### Materials provided ###

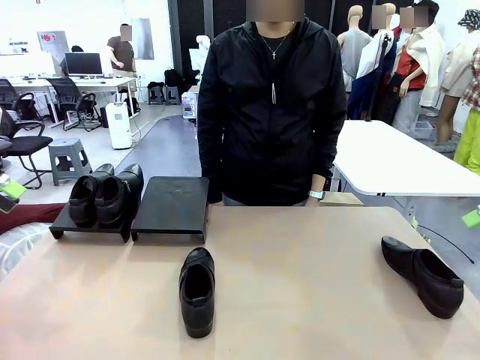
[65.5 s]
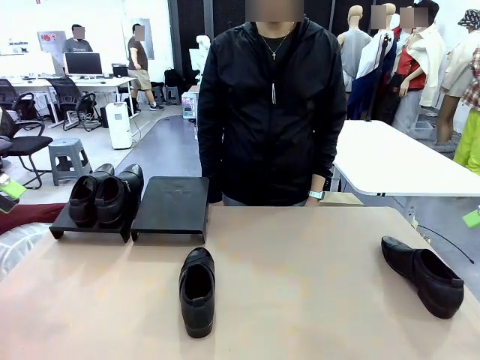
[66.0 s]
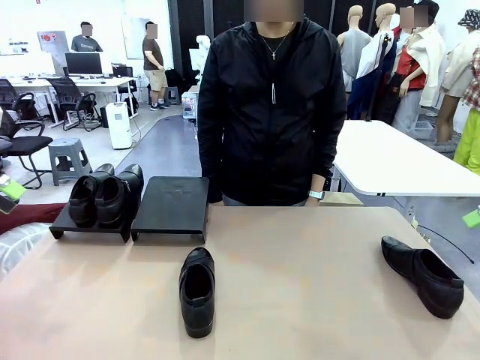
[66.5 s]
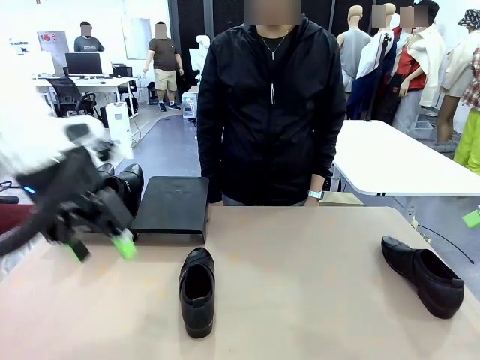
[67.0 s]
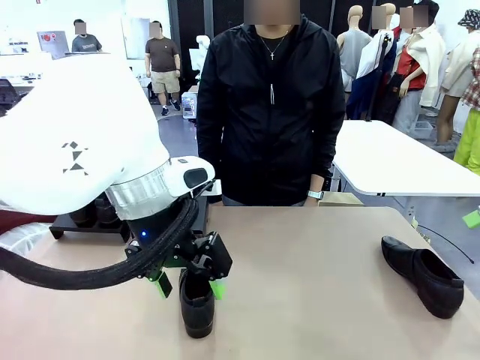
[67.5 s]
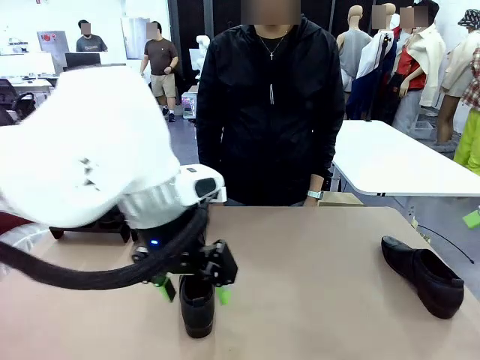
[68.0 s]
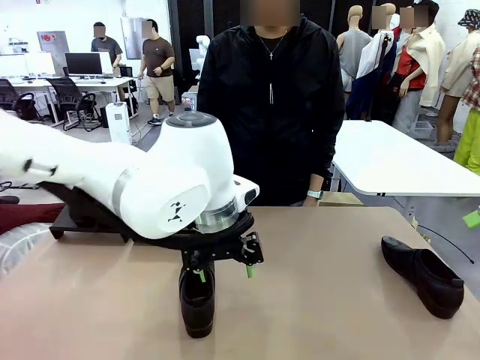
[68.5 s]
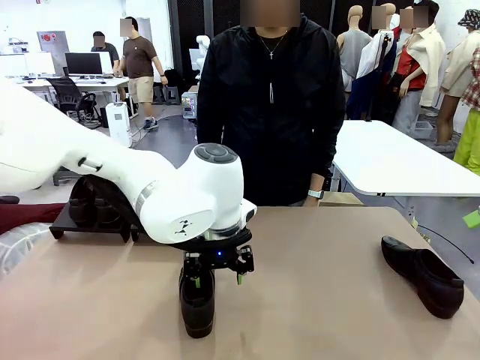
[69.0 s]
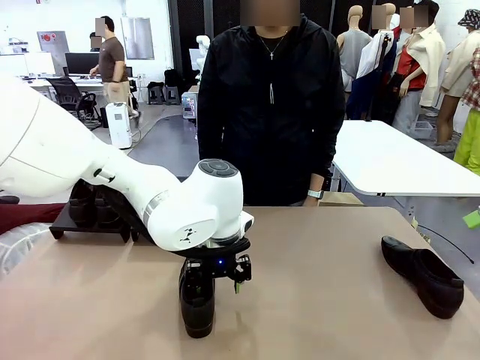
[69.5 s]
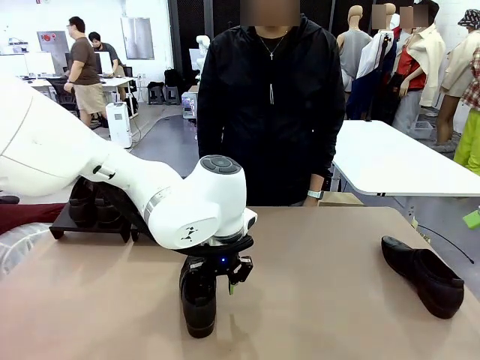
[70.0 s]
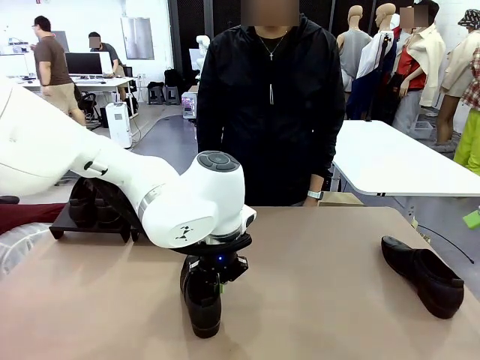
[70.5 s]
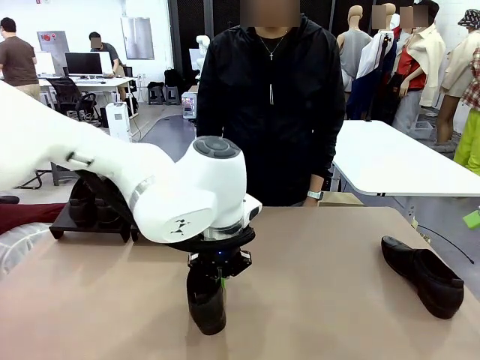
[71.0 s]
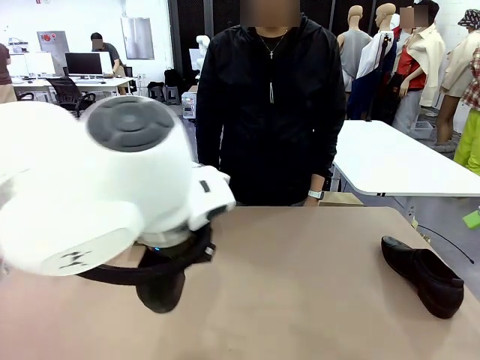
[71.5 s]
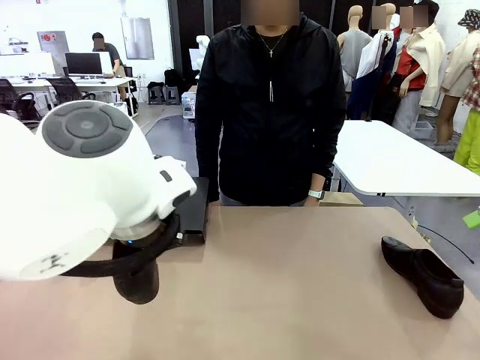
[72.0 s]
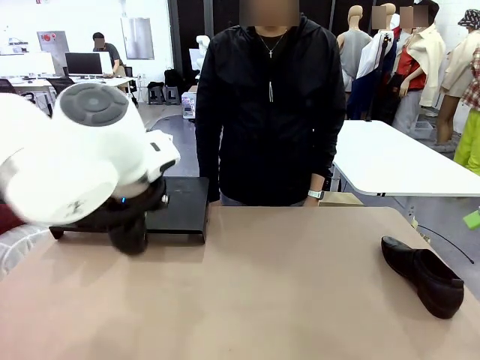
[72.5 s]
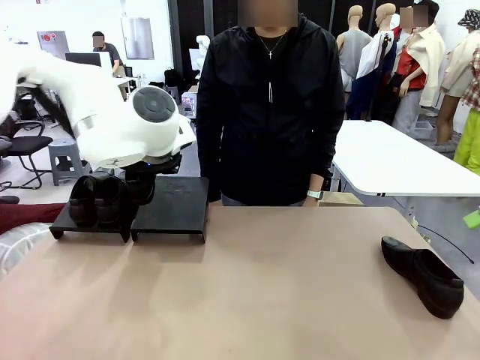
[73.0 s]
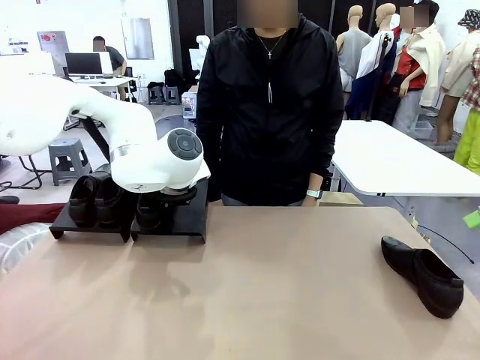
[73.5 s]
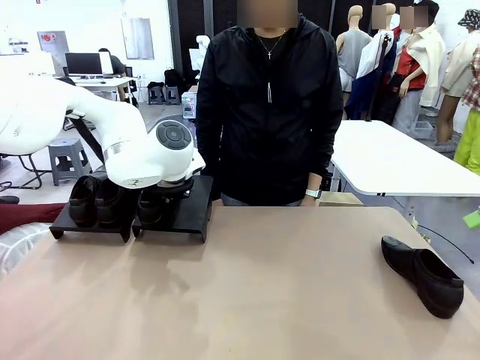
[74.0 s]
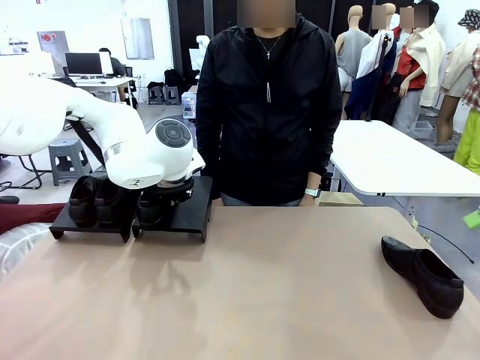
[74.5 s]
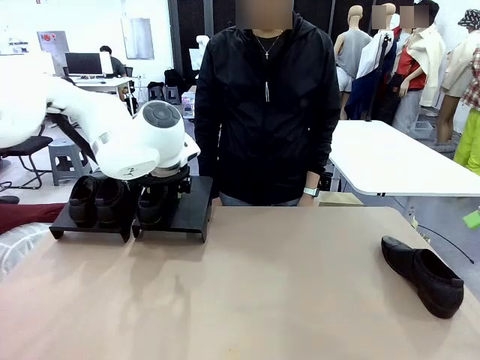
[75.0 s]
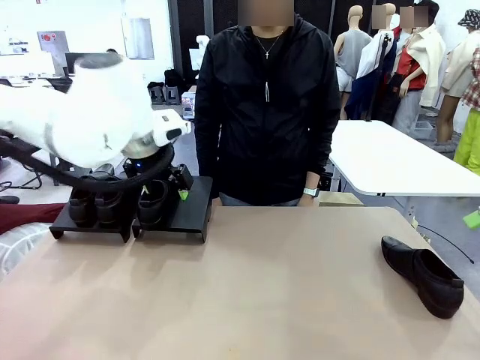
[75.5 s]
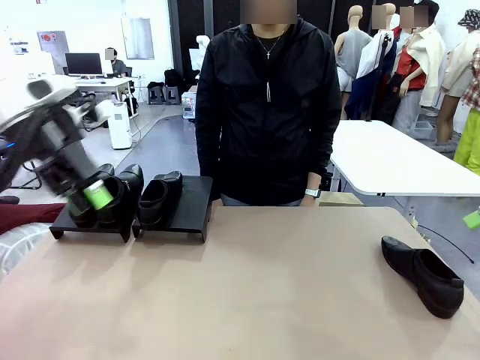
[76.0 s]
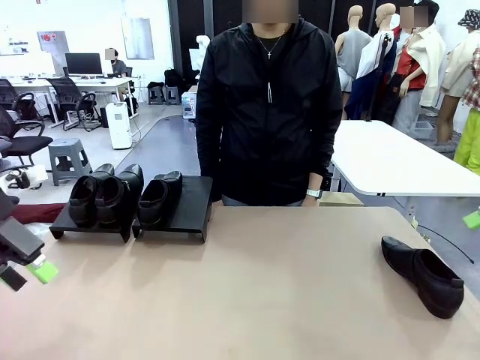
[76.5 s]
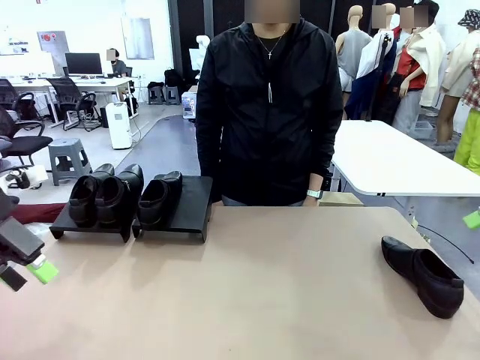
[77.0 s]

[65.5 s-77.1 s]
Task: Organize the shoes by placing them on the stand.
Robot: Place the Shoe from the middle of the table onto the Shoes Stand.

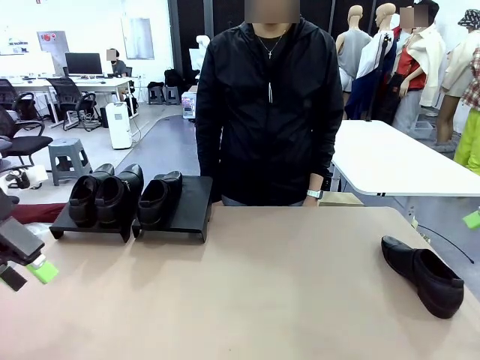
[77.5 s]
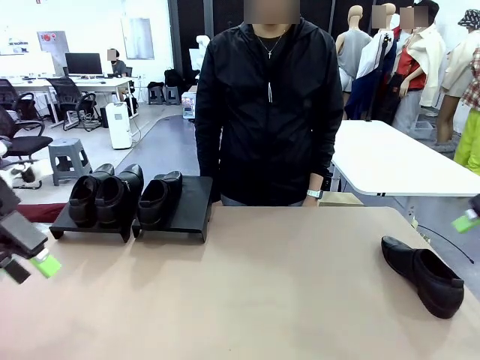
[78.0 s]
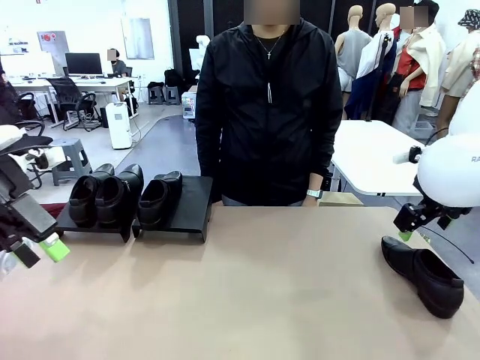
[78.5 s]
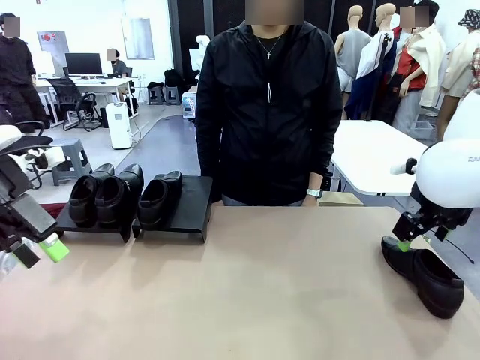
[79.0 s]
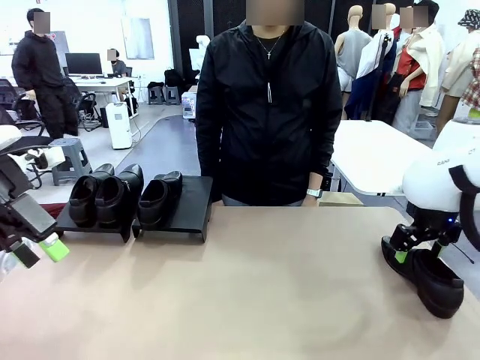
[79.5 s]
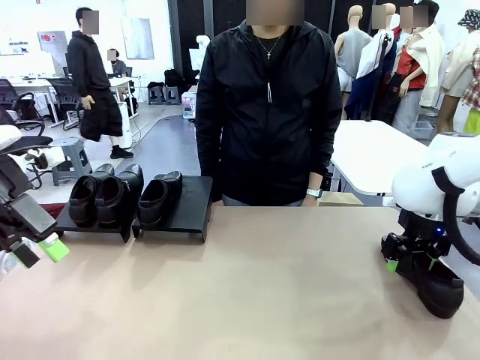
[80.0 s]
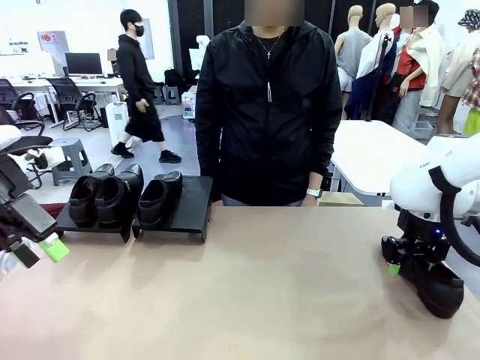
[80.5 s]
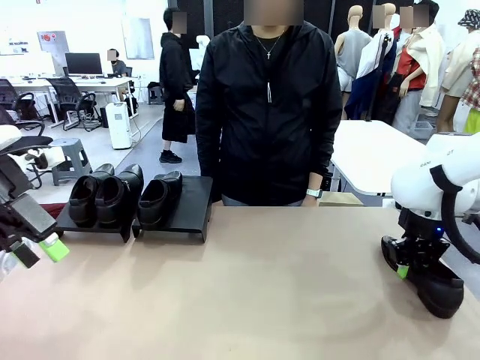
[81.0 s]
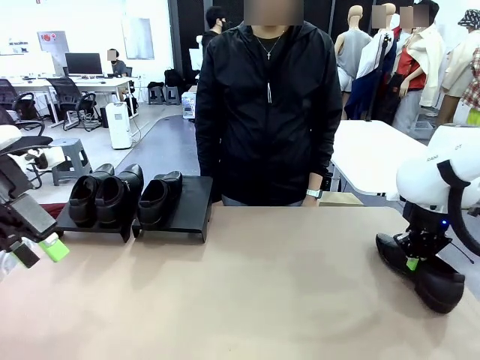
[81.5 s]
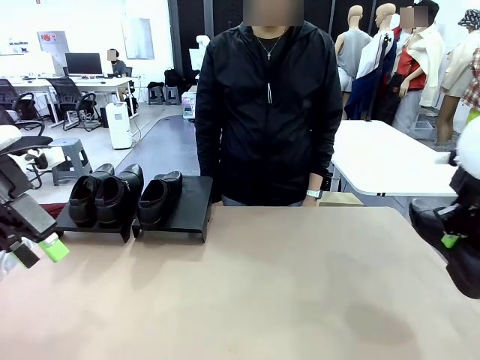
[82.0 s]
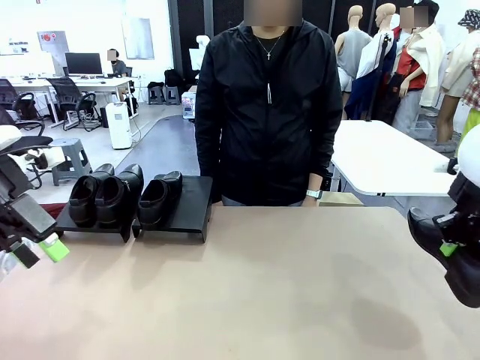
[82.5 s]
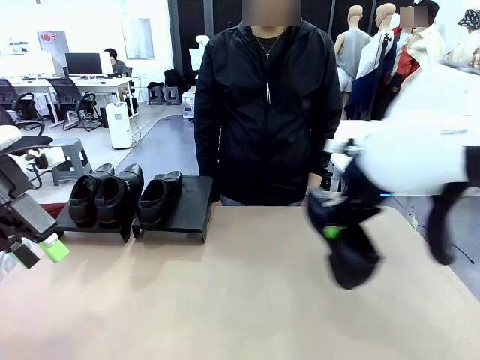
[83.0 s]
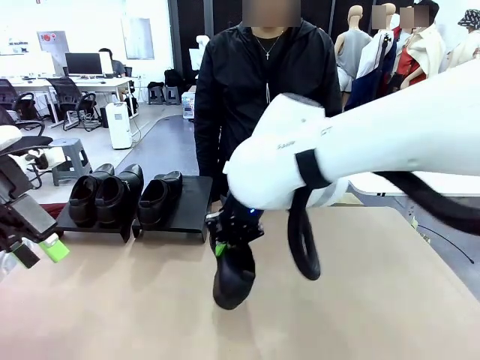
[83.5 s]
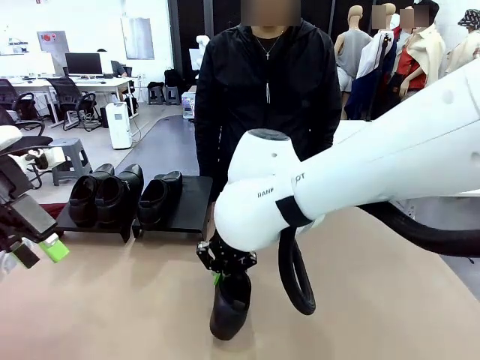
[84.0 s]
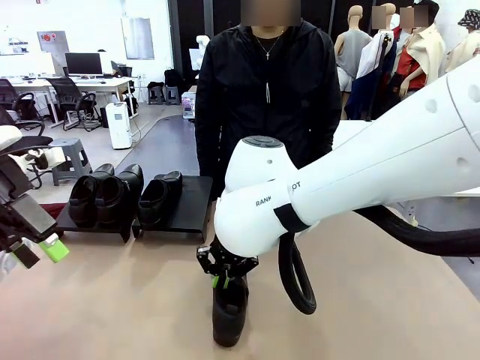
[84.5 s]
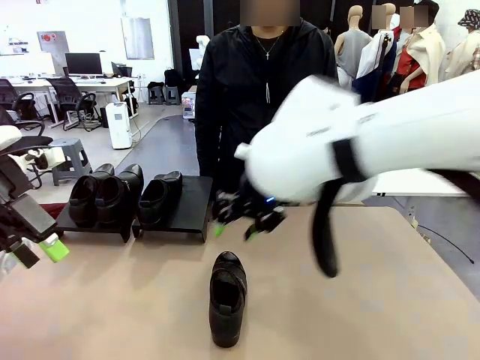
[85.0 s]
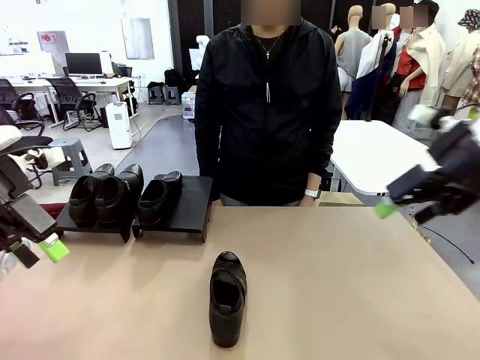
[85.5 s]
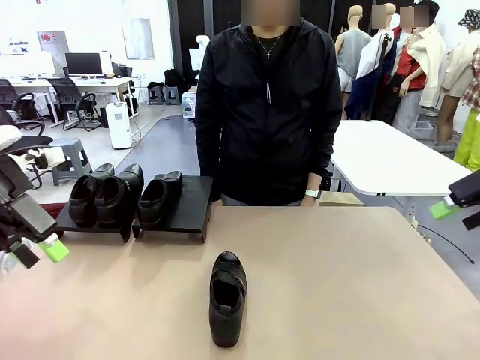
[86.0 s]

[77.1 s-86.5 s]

###

_Your task_: Each record should be written out again exactly, though without its pictures.

_Result for this task_:
[65.5 s]
[66.0 s]
[66.5 s]
[67.0 s]
[67.5 s]
[68.0 s]
[68.5 s]
[69.0 s]
[69.5 s]
[70.0 s]
[70.5 s]
[71.0 s]
[71.5 s]
[72.0 s]
[72.5 s]
[73.0 s]
[73.5 s]
[74.0 s]
[74.5 s]
[75.0 s]
[75.5 s]
[76.0 s]
[76.5 s]
[77.0 s]

[65.5 s-77.1 s]
Task: Organize the shoes by placing them on the stand.
Robot: Place the Shoe from the middle of the table onto the Shoes Stand.

[77.5 s]
[78.0 s]
[78.5 s]
[79.0 s]
[79.5 s]
[80.0 s]
[80.5 s]
[81.0 s]
[81.5 s]
[82.0 s]
[82.5 s]
[83.0 s]
[83.5 s]
[84.0 s]
[84.5 s]
[85.0 s]
[85.5 s]
[86.0 s]

[77.1 s-86.5 s]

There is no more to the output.